Fenomena ini sering bikin bingung, terutama saat membandingkan foto bulan dari negara yang berbeda. Sekilas terlihat seperti bentuknya berubah. Padahal, yang berubah bukan bulan itu sendiri, melainkan sudut pandang pengamat.

Fase Sama, tapi Tampilan Bisa Berbeda

Secara ilmiah, fase bulan selalu sama di seluruh dunia. Fase ini ditentukan oleh posisi matahari, bumi, dan bulan dalam satu garis orbit.
Artinya, ketika bulan sabit atau purnama terjadi, semua orang di bumi melihat fase yang sama di waktu yang sama.

Namun, orientasi atau arah tampilan bulan bisa berbeda. Di belahan bumi utara, bagian terang bulan bisa terlihat di sisi kanan, sementara di belahan selatan justru terlihat di sisi kiri.

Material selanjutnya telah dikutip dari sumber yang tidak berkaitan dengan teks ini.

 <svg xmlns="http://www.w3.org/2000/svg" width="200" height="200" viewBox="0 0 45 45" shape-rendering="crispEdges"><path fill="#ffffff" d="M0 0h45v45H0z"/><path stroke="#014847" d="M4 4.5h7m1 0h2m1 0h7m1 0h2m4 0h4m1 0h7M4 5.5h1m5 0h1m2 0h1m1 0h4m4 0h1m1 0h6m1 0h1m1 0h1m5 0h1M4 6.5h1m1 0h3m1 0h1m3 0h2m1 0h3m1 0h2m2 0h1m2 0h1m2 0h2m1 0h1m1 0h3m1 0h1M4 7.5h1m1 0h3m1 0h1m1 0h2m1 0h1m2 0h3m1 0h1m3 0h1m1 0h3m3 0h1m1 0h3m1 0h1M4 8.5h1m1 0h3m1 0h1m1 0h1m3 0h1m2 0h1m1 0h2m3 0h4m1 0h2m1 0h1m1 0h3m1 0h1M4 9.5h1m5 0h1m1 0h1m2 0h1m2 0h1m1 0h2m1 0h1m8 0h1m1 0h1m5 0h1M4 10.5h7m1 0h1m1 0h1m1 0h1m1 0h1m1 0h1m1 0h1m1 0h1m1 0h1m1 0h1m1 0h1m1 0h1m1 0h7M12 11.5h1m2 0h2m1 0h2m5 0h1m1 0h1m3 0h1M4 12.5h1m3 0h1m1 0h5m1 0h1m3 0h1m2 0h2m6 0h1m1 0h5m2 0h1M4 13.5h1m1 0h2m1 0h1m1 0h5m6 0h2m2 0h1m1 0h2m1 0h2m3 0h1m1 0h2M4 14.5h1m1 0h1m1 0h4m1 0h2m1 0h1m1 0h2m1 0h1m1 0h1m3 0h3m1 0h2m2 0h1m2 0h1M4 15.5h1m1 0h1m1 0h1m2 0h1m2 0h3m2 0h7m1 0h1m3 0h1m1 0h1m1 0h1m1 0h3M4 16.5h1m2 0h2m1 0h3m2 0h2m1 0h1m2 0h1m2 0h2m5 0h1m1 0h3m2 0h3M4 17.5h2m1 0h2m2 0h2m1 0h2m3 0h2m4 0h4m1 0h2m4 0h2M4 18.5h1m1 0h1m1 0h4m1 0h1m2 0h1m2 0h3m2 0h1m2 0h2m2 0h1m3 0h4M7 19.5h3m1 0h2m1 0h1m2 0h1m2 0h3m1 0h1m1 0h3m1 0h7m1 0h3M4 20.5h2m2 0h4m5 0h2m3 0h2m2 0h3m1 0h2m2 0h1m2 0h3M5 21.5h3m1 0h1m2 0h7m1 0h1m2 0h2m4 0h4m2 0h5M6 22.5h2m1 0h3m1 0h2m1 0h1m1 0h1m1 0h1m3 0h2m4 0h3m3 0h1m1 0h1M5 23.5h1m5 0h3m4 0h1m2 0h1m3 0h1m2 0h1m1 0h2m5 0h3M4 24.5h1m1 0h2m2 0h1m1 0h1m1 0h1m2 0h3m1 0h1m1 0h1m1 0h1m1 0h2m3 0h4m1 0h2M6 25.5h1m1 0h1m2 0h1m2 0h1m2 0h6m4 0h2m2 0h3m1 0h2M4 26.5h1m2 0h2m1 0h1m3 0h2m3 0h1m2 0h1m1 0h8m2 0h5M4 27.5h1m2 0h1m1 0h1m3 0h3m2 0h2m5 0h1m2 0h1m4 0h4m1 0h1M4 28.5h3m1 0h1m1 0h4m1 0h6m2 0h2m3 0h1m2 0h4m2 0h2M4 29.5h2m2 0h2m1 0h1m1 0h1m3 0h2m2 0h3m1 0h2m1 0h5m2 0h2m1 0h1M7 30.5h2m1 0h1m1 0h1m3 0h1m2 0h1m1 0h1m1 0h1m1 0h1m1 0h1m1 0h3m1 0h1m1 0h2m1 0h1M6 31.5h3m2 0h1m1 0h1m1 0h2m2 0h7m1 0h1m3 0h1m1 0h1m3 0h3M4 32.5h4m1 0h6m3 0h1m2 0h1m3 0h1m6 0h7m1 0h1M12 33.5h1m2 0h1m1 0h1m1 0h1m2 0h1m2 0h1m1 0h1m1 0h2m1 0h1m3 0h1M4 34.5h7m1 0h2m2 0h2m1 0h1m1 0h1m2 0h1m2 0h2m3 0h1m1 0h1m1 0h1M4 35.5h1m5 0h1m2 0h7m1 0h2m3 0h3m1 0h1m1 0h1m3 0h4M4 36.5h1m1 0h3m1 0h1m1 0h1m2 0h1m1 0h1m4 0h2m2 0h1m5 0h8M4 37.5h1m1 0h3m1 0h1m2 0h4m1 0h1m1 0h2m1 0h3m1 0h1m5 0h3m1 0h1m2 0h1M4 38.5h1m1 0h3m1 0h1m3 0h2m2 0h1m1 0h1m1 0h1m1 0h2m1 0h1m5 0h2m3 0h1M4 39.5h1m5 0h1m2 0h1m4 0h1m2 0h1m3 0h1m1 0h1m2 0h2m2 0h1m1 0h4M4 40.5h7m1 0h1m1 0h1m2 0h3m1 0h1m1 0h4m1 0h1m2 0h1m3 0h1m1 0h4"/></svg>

Sudut Pandang Jadi Penentu

Perbedaan ini terjadi karena bumi berbentuk bulat. Setiap orang melihat langit dari sudut yang berbeda, sehingga tampilan bulan seolah ikut berputar.
Efeknya mirip seperti melihat objek yang sama dari posisi berbeda, bentuknya tetap, tapi tampilannya bisa terasa berubah.

Selain itu, rotasi bumi juga berpengaruh. Dalam satu malam, posisi bulan di langit terus bergeser dari terbit hingga terbenam, membuat orientasinya terlihat berubah dari miring, tegak, lalu miring lagi.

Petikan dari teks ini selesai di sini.